Craniectomy contributed to increased cerebral extravasation of endogenous albumin in a preclinical stroke model independent of dural tearing. A, Mice were subjected to craniectomy above the right motor cortex and perfused to remove circulating albumin from the blood 3 or 24 h later, and extravasation of albumin into the left (contralateral) and right (ipsilateral) hemispheres was assessed by Western blotting. B, Summarized result for A. C, Mice were subjected to focal cerebral ischemia induced by dMCAO to or craniectomy above the right motor cortex and perfused to remove circulating albumin from the blood 24 h later, and extravasation of albumin into the left (contralateral, nonischemic) and right (ipsilateral, ischemic) hemispheres was assessed by Western blotting. D, Summarized data for C. E, To determine the effect of dural tearing, rats were injected with Evans blue dye to facilitate identification of the dura mater during craniectomy and were perfused to remove circulating albumin from the blood 24 h later; and extravasation of albumin into the left (contralateral, nonischemic) and right (ipsilateral, ischemic) hemispheres was evaluated by Western blotting. F, Summarized data for E. In B, D, and F, albumin extravasation was compared by two-way repeated-measures ANOVA (matching brain regions from the same mouse) followed by Holm–Sidak multiple-comparisons test. *p < 0.05, **p < 0.01, ***p < 0.001. n.s., No significant difference.

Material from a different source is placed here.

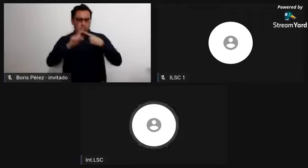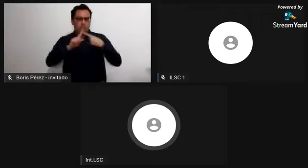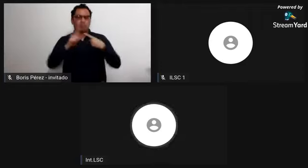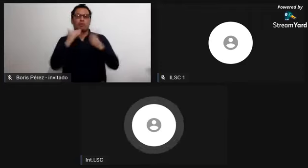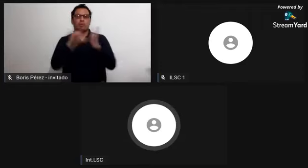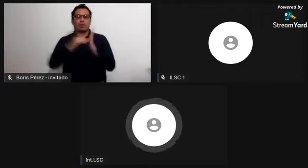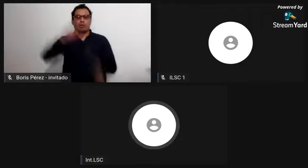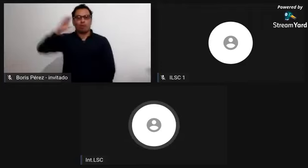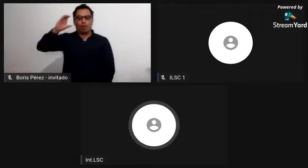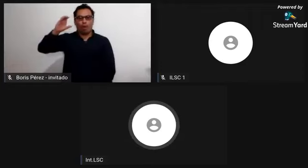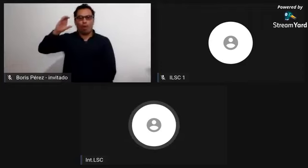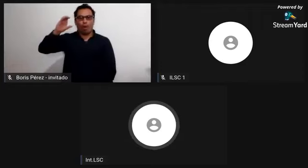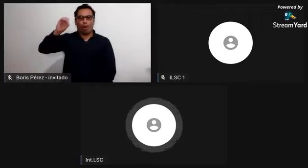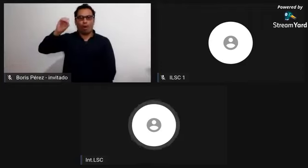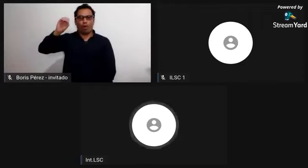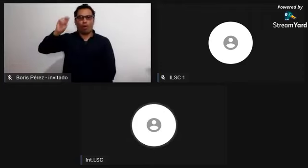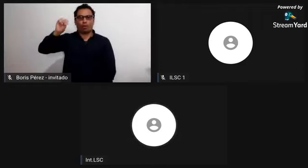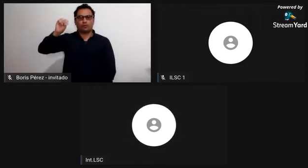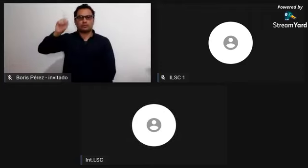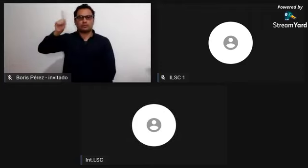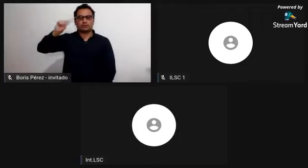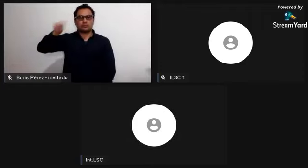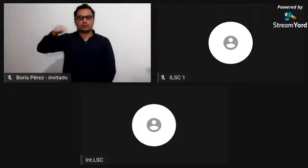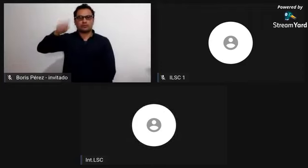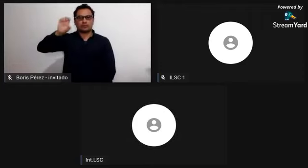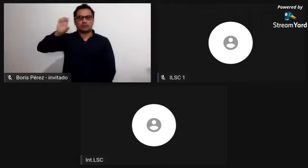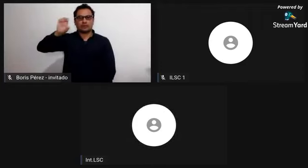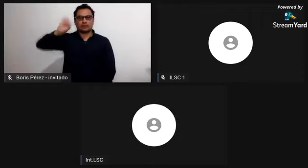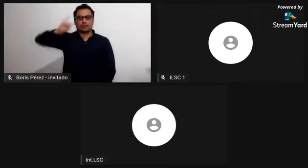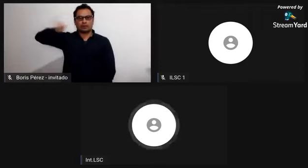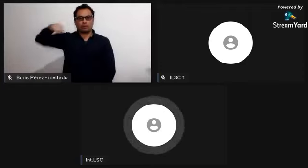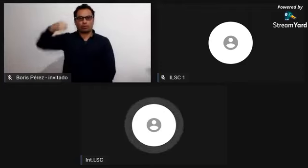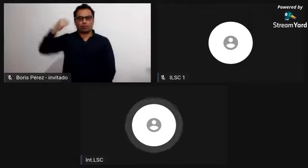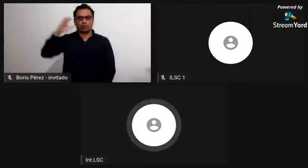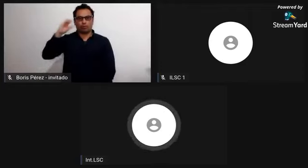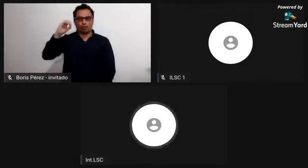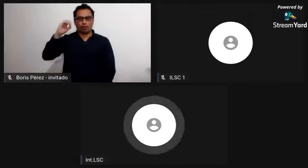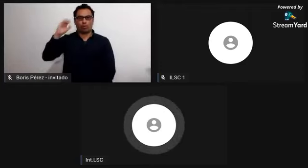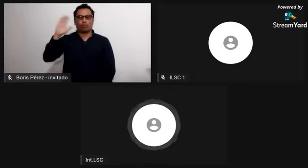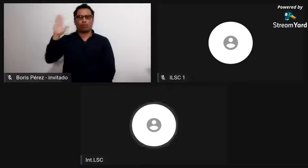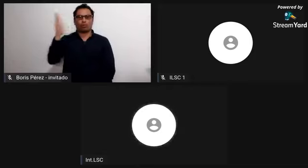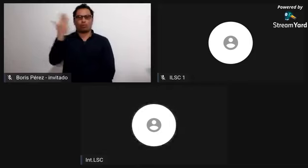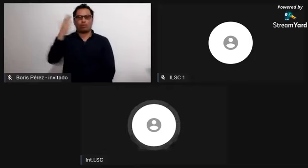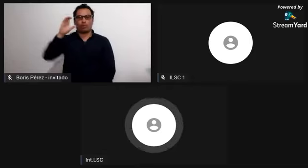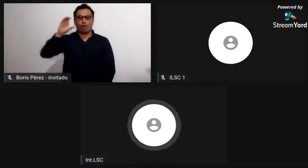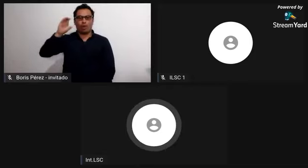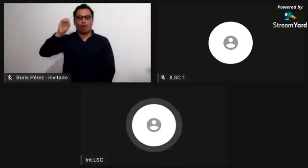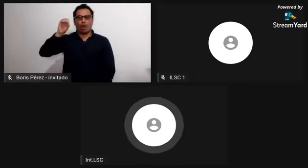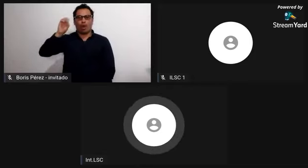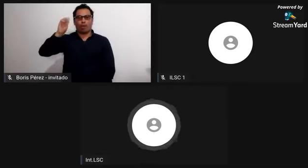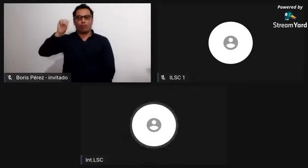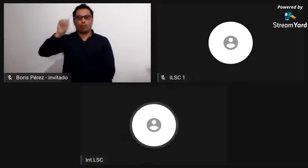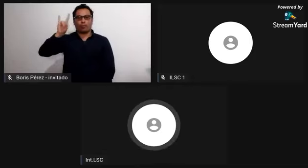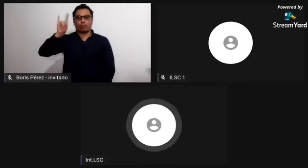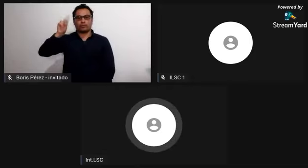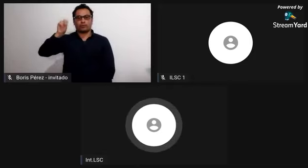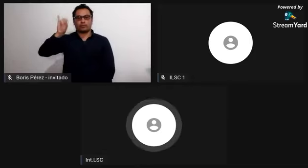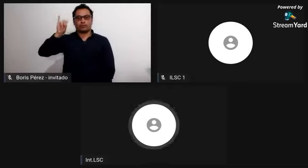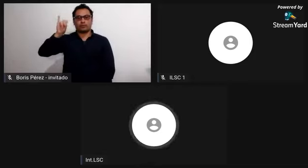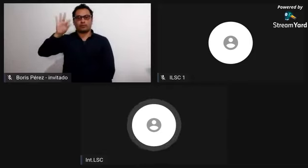tanto el concepto como la condición ha cambiado.

BBB disruption caused by craniectomy was region specific. A–F, Mice were subjected to craniectomy above the right motor cortex and perfused to remove circulating albumin from the blood 24 h later, and extravasation of albumin into the left (contralateral) and right (ipsilateral) prefrontal cortex (A, B), motor cortex (C, D), and striatum (E, F) was assessed by Western blotting. B, Summarized result for A. D, Summarized result for C. F, Summarized result for E. In B, D, and F, albumin extravasation was compared by two-way repeated-measures ANOVA (matching brain regions from the same mouse) followed by Holm–Sidak multiple-comparisons test. ***p < 0.001. n.s., no significant difference.